▸ YOUR TASK: Make an exact copy of all the data, pictures excluded.

▸ COLLECTED DATA:

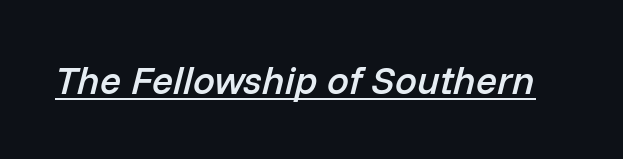
The strokes are fattened partway — semibold, not bold. The tracking reads as untouched default to a designer's eye. The glyphs are accompanied by a horizontal stroke just below them. Do the characters align in a grid? No, the font is proportional. Quick note: italic.
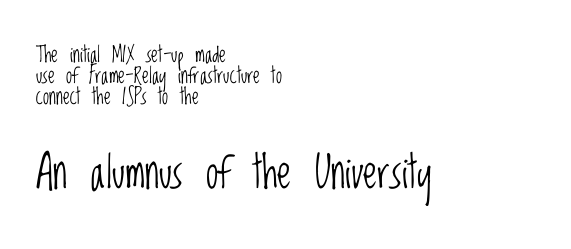
The image shows 45 px light, condensed sans-serif type, upright; set left-aligned, tight line spacing (0.95x), normal letter spacing, not underlined; the second (bottom) block is 2.05x larger; low stroke contrast and a large x-height.
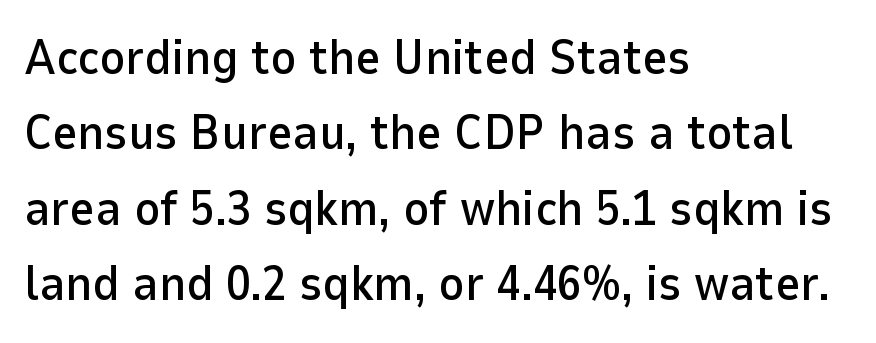
{"serif": "no", "italic": "no", "width": "normal", "stroke_contrast": "low", "x_height": "medium", "monospaced": "no", "underline": "no", "align": "left", "line_spacing": "normal", "line_spacing_ratio": 1.54, "letter_spacing": "normal", "letter_spacing_em": 0.0, "glyph_px": 49}
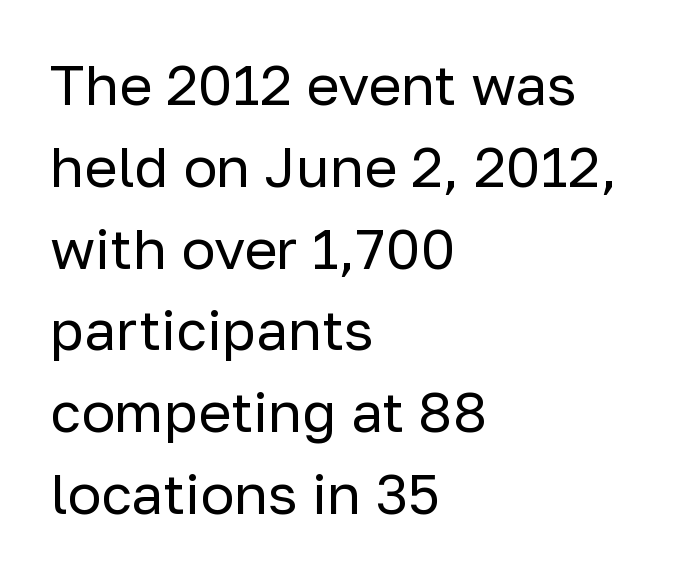
{"serif": "no", "italic": "no", "bold": "no", "weight": "regular", "width": "normal", "stroke_contrast": "low", "x_height": "medium", "monospaced": "no", "underline": "no", "align": "left", "line_spacing": "normal", "line_spacing_ratio": 1.46, "letter_spacing": "normal", "letter_spacing_em": 0.0, "glyph_px": 56}

▸ YOUR RESPONSE:
The strokes are fattened partway — semibold, not bold. The tracking reads as untouched default to a designer's eye. The glyphs are accompanied by a horizontal stroke just below them. Do the characters align in a grid? No, the font is proportional. Quick note: italic.
The image shows 45 px light, condensed sans-serif type, upright; set left-aligned, tight line spacing (0.95x), normal letter spacing, not underlined; the second (bottom) block is 2.05x larger; low stroke contrast and a large x-height.
{"serif": "no", "italic": "no", "width": "normal", "stroke_contrast": "low", "x_height": "medium", "monospaced": "no", "underline": "no", "align": "left", "line_spacing": "normal", "line_spacing_ratio": 1.54, "letter_spacing": "normal", "letter_spacing_em": 0.0, "glyph_px": 49}
{"serif": "no", "italic": "no", "bold": "no", "weight": "regular", "width": "normal", "stroke_contrast": "low", "x_height": "medium", "monospaced": "no", "underline": "no", "align": "left", "line_spacing": "normal", "line_spacing_ratio": 1.46, "letter_spacing": "normal", "letter_spacing_em": 0.0, "glyph_px": 56}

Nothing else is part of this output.